If the project needs lower yellowing, liquid handling, and more confidence in white or deeper-curing sections, TPO-L often becomes the stronger first review point.
How buyers should choose before sampling
1. Decide whether the system is routine or demanding
A routine clear coating and a white or light-pigmented harder-to-cure film should not use the same default shortlist. The more demanding the cure window becomes, the more likely TPO-L deserves earlier screening.
2. Separate appearance pressure from cure-depth pressure
If slight yellowing under service exposure is the biggest concern, 1173 usually deserves strong attention. If the bigger issue is deeper cure or white-system behavior, TPO-L often moves ahead.
3. Keep physical form visible
184 remains useful as a solid benchmark. But if the team wants easier dosing and blending from the beginning, 1173 and TPO-L should be considered early rather than only after a failed trial.
4. Match the first trial to the real substrate and film build
Clear varnish on paper, clear coating on plastic, white or light-colored ink, and appearance-sensitive adhesive work can all change the right first screen. One generic answer is usually too loose.

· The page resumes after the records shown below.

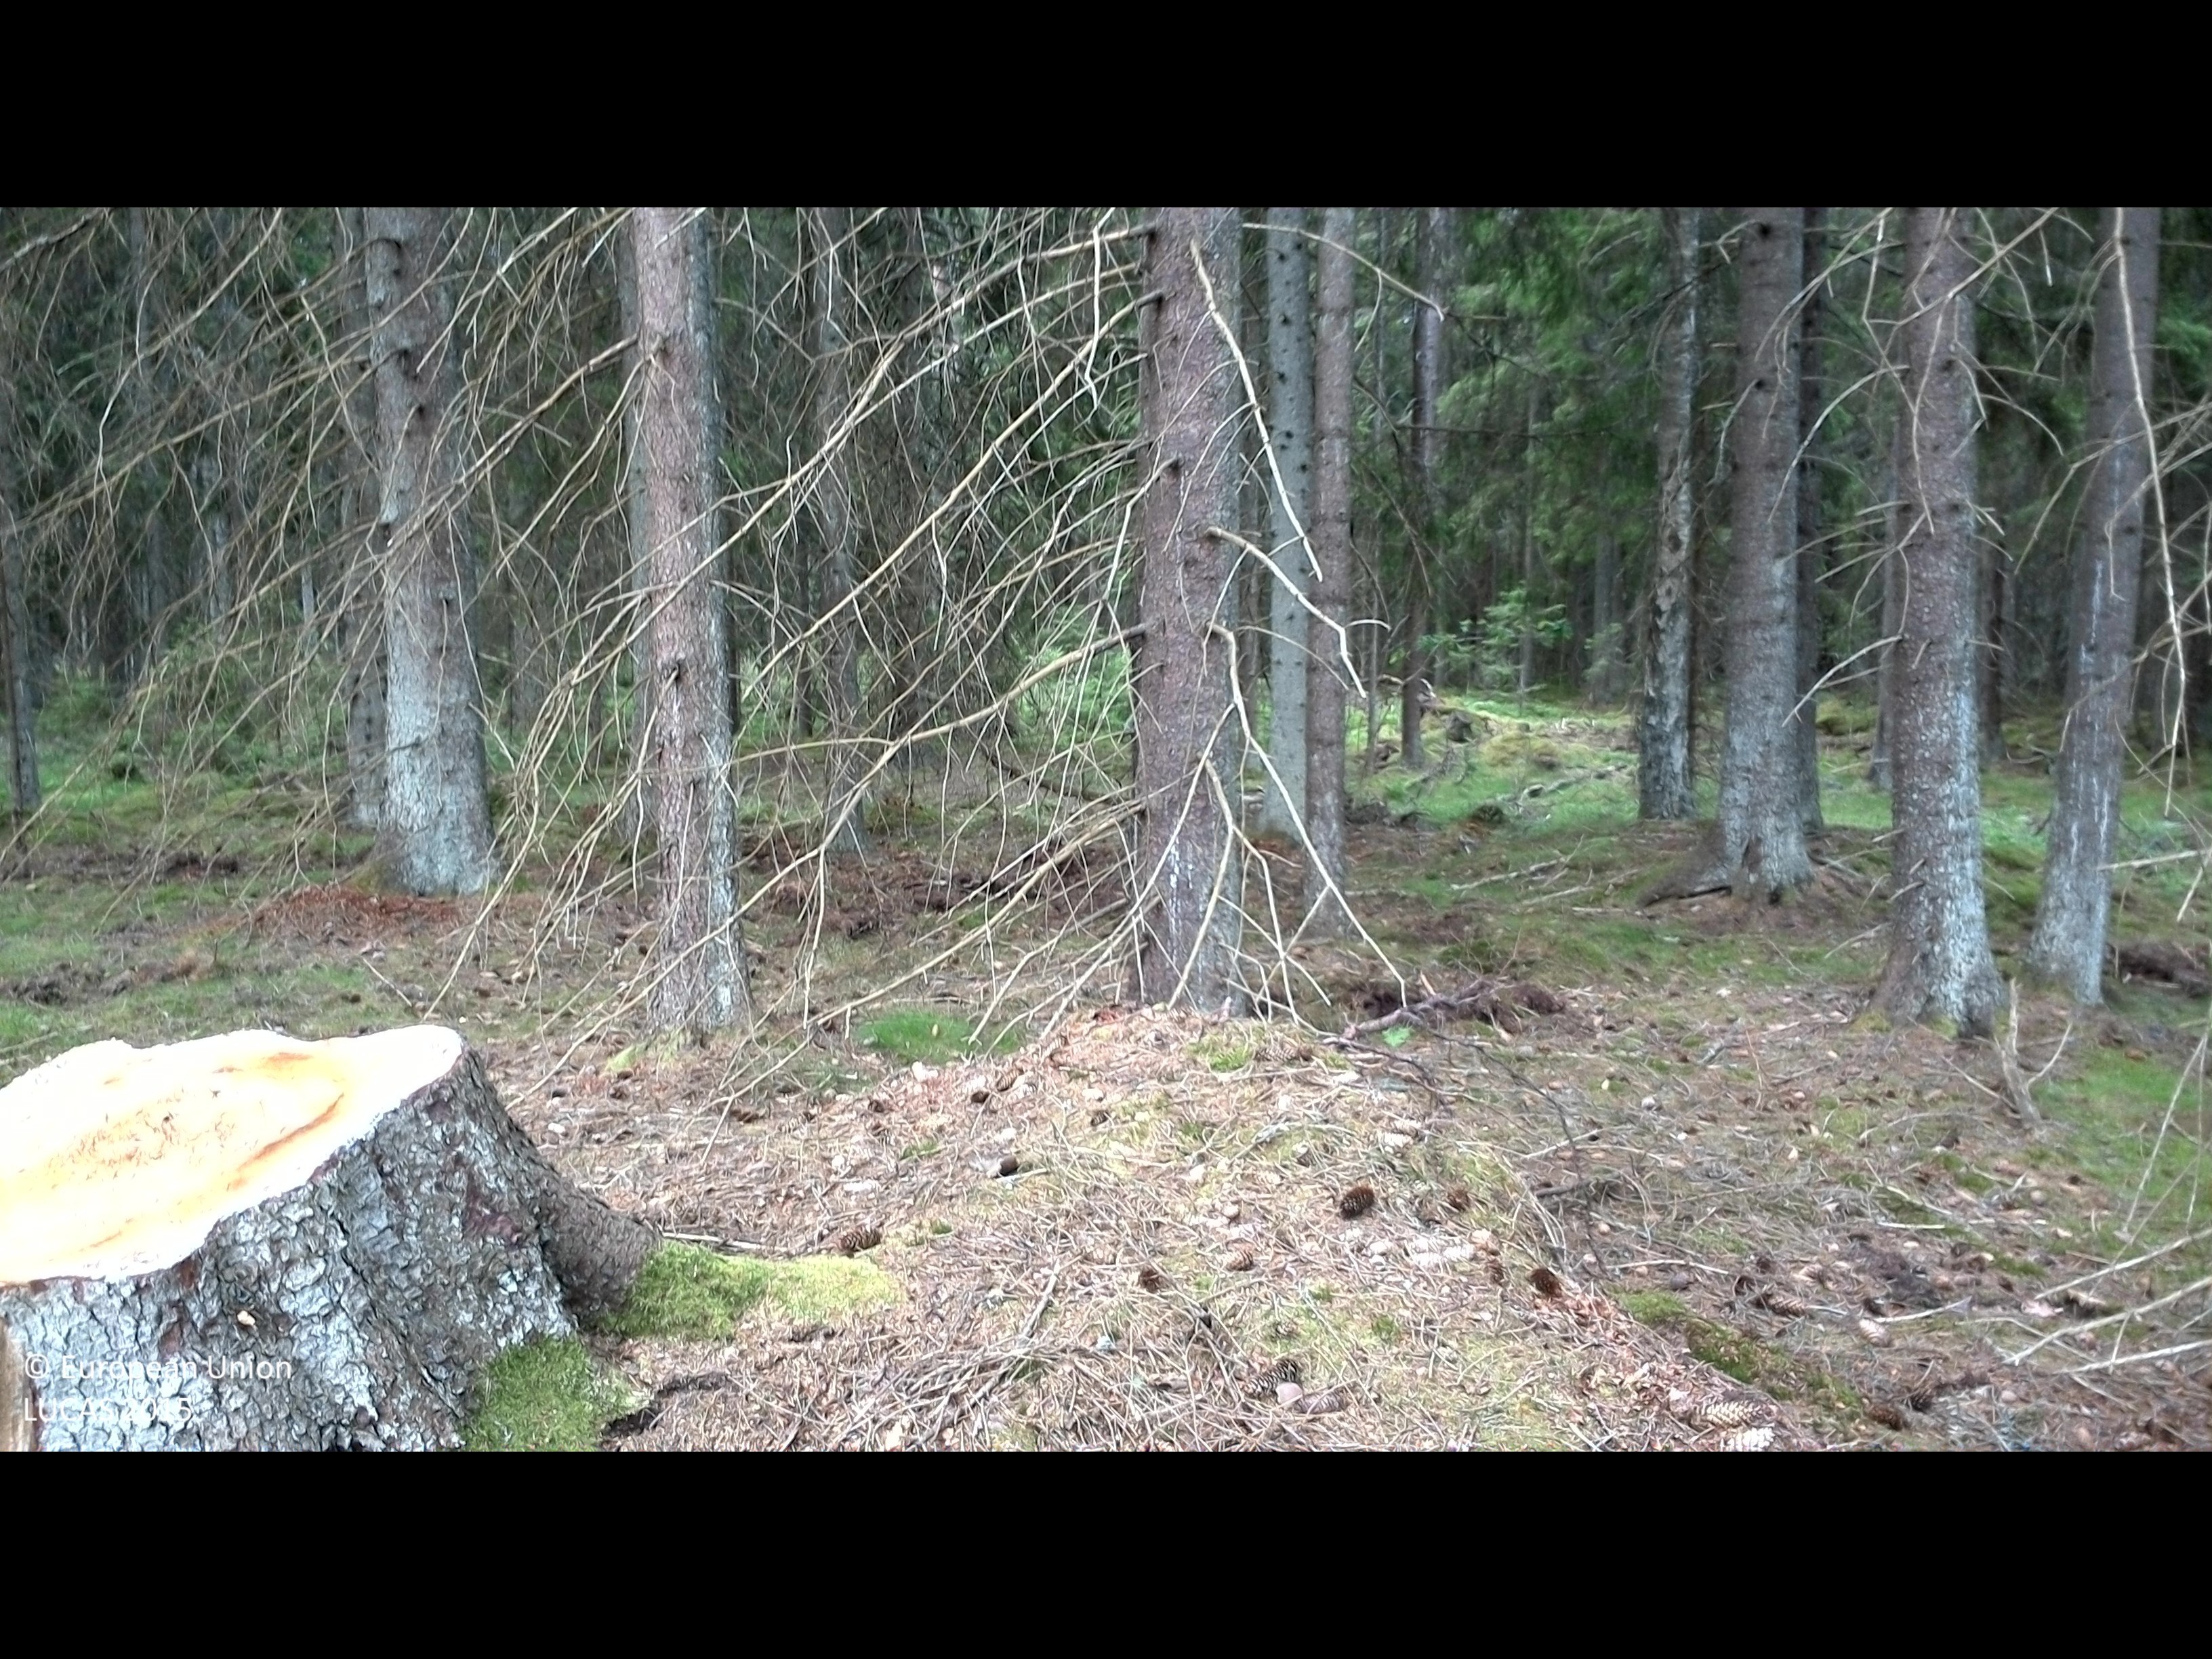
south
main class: Woodland
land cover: Spruce dominated coniferous woodland
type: boreal forest
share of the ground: 50 - 75 %
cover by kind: coniferous forest trees 70 %, lichens and mosses 25 %, herbaceous plants 5 %
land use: Forestry
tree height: > 5 m
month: July
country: SE
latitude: 56.5150
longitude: 14.7270
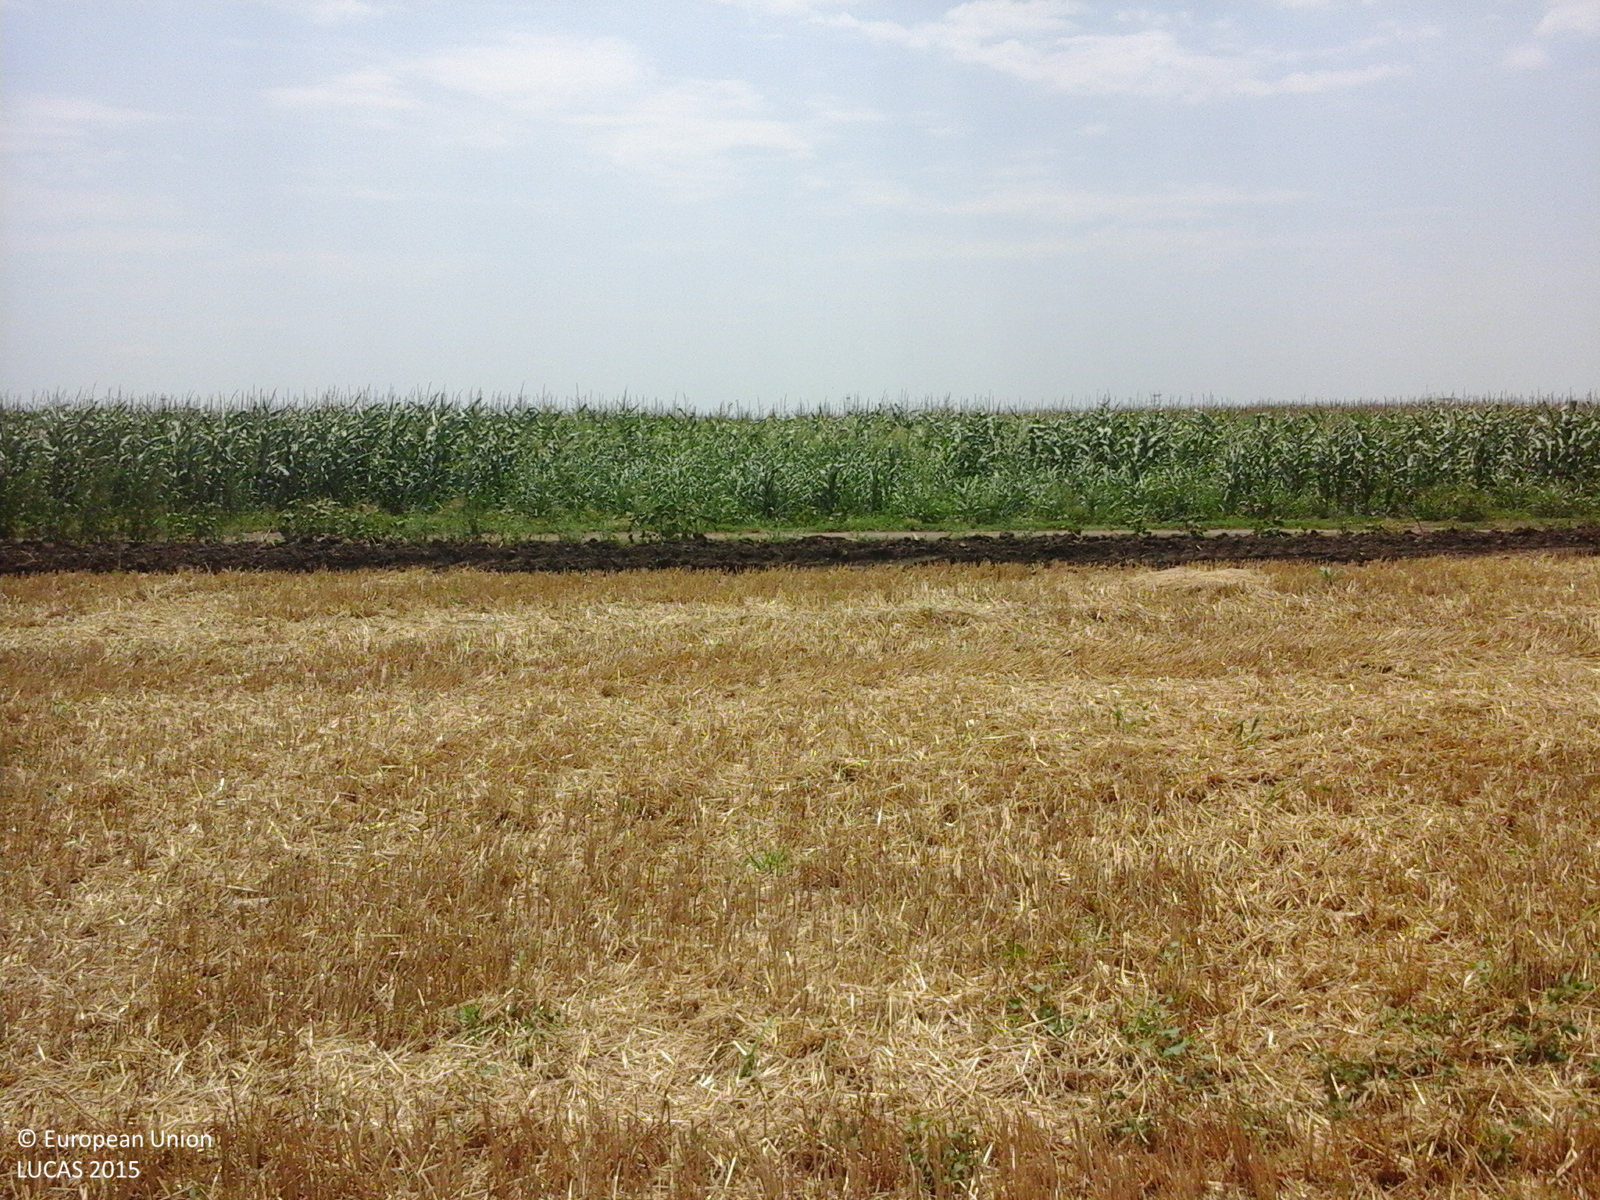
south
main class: Cropland
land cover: Common wheat
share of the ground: > 75 %
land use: Agriculture (excluding fallow land and kitchen gardens)
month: July
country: RO
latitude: 44.6705
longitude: 27.5144

5. Keep the first lab round narrow
For many projects, a practical first screen is one conventional 365 nm benchmark, one liquid acrylic appearance-control route, and one liquid broader-window route. That usually creates a cleaner buying decision than testing too many initiators without a structure.
Recommended Longchang product and article paths
- Routine low-to-medium-build benchmark: Photoinitiator 184
- Liquid acrylic-varnish route: Photoinitiator 1173
- Liquid wider-window route for white or deeper-cure work: Photoinitiator TPO-L
- Related comparison page: 184 vs 1173 vs 819
- Related application page: Photoinitiator for Clear UV Coatings
- Broader family guide: How to Choose a Photoinitiator for UV Curing
- Related curing-window page: Photoinitiator for UV LED Curing
FAQ
What is the main difference between 184 and 1173?
In Longchang’s current product positioning, 184 is the conventional solid benchmark for low to medium-thickness UV systems, while 1173 is a liquid route with good compatibility that is especially recommended for acrylic UV coatings needing only slight yellowing.
When should I choose TPO-L before 1173?
Choose TPO-L earlier when the project still wants liquid handling but also needs broader absorption, lower yellowing, and better confidence in white or deeper-curing systems than a routine liquid acrylic-varnish route.
Is 184 still useful if I care about low yellowing?
Yes. Longchang already positions 184 for low-yellowing transparent, white, and lighter-color applications. It remains a useful benchmark, especially when the system is not especially difficult to cure.
Can this page replace formulation validation?
No. It is a shortlist tool, not a substitute for lab work. Final selection still depends on resin chemistry, film build, pigment burden, lamp output, line speed, and the practical targets of the finished formulation.
Need a faster shortlist?
If your project is stuck between a routine benchmark, a liquid acrylic route, and a wider-window liquid route, define the bottleneck first and then compare only the most relevant Longchang option. That usually produces a faster first sample plan than treating 184, 1173, and TPO-L as if they solve the same problem.